Fraternity in Practice: The Role of Young People Today

By: Johan Zongo

October 24, 2025

Ours is a generation born into paradox: never before so connected, yet never before so divided. The digital world shrinks borders, but it also amplifies conflict. We scroll past suffering in real time, yet often remain powerless or indifferent. In such a fractured world, the responsibility of young people is clear: to become the bridge.

Advancing human fraternity begins with the courage to meet differences with dialogue. I think dialogue is often dismissed as soft, but in truth it is radical and even groundbreaking. What we learned throughout the Human Fraternity Fellows Program is that dialogue requires patience in a culture of instant reaction, humility in a time of self-promotion, and openness in a climate of fear. For young people, this means practicing dialogue not just at summits or conferences, but in the quotidian realities of life: choosing to listen across divides in our classrooms, our communities, and even online. Extend a helping hand out even to those who refuse to come to the discussion table.
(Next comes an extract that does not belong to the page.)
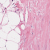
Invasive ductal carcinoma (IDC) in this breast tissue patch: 0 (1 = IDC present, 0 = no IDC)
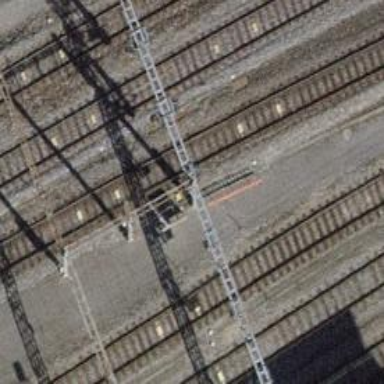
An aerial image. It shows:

Equally important is the work of building fraternity into action. Dialogue cannot remain words alone; it must shape the institutions and initiatives we lead. During the fellowship, I witnessed this in Indonesia: hospitals run by Muhammadiyah that serve patients of all faiths, and the Institute of Humanitarian Islam by Nahdlatul Ulama that frames religion as a mercy for all humanity. Young people can mirror this ethos by infusing fraternity into their own projects, whether through activism, art, entrepreneurship, or policy work.

But perhaps the greatest power young people hold is our ability to form communities across boundaries. The fellowship reminded me that fraternity begins not in the abstract but in real relationships. Ten strangers from different corners of the world became a circle of trust, proof that bonds of respect and friendship can transcend divisions of faith, race, or nationality. If we can create these kinds of communities in our own contexts, even on a small scale, they ripple outward into the larger world.

The task is not easy. Fraternity demands resilience in the face of misunderstanding, and hope when cynicism feels more intuitive. But it is precisely this courage that can redefine our generation’s legacy.

If the world insists on reminding us of its fractures, then it falls to us—the young—to remind the world of its wholeness. Lastly, fraternity has never been an inheritance we receive; it is not a gift that flows between generations. It is a responsibility we create, one conversation, one action, and one relationship at a time.